In Okwechime v. I.G. of Police 1 F.S.C. (1956) p. 73, a case dealing with an amendment under Section 163 of the Criminal Procedure Ordinance, Jibowu Ag. F.C.J. in delivering the judgment of the Federal Supreme Court at page 74 of the report observed as follows:

“The learned Judge was of opinion that the word “alter” in the con means more than “amend” and includes “substitute.”

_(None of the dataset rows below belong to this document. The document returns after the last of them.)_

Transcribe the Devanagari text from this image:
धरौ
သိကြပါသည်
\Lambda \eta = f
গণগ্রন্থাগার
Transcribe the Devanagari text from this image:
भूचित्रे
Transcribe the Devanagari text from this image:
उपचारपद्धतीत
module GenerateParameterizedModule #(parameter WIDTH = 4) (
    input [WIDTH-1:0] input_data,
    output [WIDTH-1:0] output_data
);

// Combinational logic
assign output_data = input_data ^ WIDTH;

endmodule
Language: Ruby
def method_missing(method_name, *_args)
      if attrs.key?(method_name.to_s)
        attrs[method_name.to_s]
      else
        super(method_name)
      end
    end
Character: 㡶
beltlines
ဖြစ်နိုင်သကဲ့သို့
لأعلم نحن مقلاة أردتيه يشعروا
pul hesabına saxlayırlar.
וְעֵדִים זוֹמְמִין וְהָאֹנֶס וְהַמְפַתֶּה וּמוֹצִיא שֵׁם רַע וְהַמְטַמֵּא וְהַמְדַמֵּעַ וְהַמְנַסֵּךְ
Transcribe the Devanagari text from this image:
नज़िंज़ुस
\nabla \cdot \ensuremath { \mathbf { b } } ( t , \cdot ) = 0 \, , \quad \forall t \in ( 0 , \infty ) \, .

With this view we respectfully agree. In view of the fact that new charges could, under the section, be added to the original one, it would be unreasonable to hold that the alteration of the charge cannot be extended to the framing of a new charge in place of the original one.” The cases of R. v. Kano and Arisah 20 N.L.R. p. 32 and R. v. sunday ljoma & Ors. 12 W.A.C.A. p 220 are further compelling authorities in support of the regularity of the action taken by the learned Chief Magistrate. Furthermore, the procedure adopted by the learned Chief Magistrate was in conformity with the views expressed by the Court of Criminal Appeal in England in the case of R. v. West 32 C.A.R. p. 152, where the following observation appears at page 160 of the said report:

“The learned Judge, was, in our opinion, entitled to exercise his discretion in directing an amendment, but he clearly should have invited the parties, and in particular the defence, to express their views upon the matter before deciding to do so.”

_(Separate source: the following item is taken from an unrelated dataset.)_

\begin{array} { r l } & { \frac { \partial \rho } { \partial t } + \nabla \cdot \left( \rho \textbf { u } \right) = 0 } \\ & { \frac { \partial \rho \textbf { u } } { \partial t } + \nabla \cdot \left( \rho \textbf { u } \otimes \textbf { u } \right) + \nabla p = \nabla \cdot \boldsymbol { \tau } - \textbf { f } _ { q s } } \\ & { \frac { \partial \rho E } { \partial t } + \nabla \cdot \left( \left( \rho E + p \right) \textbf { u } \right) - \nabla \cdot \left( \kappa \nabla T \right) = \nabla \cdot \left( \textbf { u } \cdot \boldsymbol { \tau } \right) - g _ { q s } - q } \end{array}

We would venture to express the opinion that while Sections 164 and 165 of the Criminal Procedure Act are designed to afford an accused person adequate safeguards in the event of an amendment under Sections 162 and 163 of the Act, it is clearly not the intention of the framers of the Act, that the said section should provide such an accused with a gratuitous ‘escaperoute’ to freedom in the face of overwhelming evidence.

The second submission made on behalf of the appellant, in our view, overlooks the evidence in this case which was accepted by the court of trial, and which we set out earlier on in this judgment. While on this ground we should like to set out the views of the learned Chief Magistrate on the aspect of the case:

“I find that the accused demanded the sum of N37,000. I find that the accused threatened that if the demand was not met the classification as ambulances would not be accepted and import duty at the rate of 331/3% of their value, amounting to N39,000, would be charged together with a penalty of N32,000 for false declaration. Prosecution witness had already had to pay N341,000 ground rent because of the delay in clearing the vehicles occasioned by the late arrival of the shipping documents. Any further delay, however, might result in further rental charges, which were payable for every day over a specific period that the vehicles were not cleared. He was faced with the prospect of meeting the accused’s demand, or facing further delay, with the prospect of ultimately being compelled to pay N311,000 by way of import duty and penalty, for which he knew he was not properly liable in order to secure the release of the vehicles. The accused was perfectly well aware that the rental charges had accumulated and referred to this after he had taken money from prosecution witness 3. What, in these circumstances, is the likely effect of the demand on a man of “reasonably sound and firm mind” I am of the view that the likely effect is that he will be induced to party with his money. The fact that prosecution witness 3 happened to be a person of very strong mind and that he only pretended to accede to the demand and played for time in order to be able to report to the police and have a trap set for the accused is immaterial to count 3 of the circumstances of this case. The accused intended, to obtain money without the true consent of the owner. He intended to deprive him of it permanently.”

With the above views of the learned Chief Magistrate we are in complete agreement.

Again we are in agreement with the learned Chief Magistrate and on the authority of R. v. Miller & Page 49 C.A.R. p. 241 that on the facts found in this case, the appellant was rightly convicted on count 4 of attempting to steal the sum shown on the charge. We are satisfied that this appeal lacks merit and it is dismissed. The convictions of the appellant by the court of trial and the sentences imposed on him are affirmed.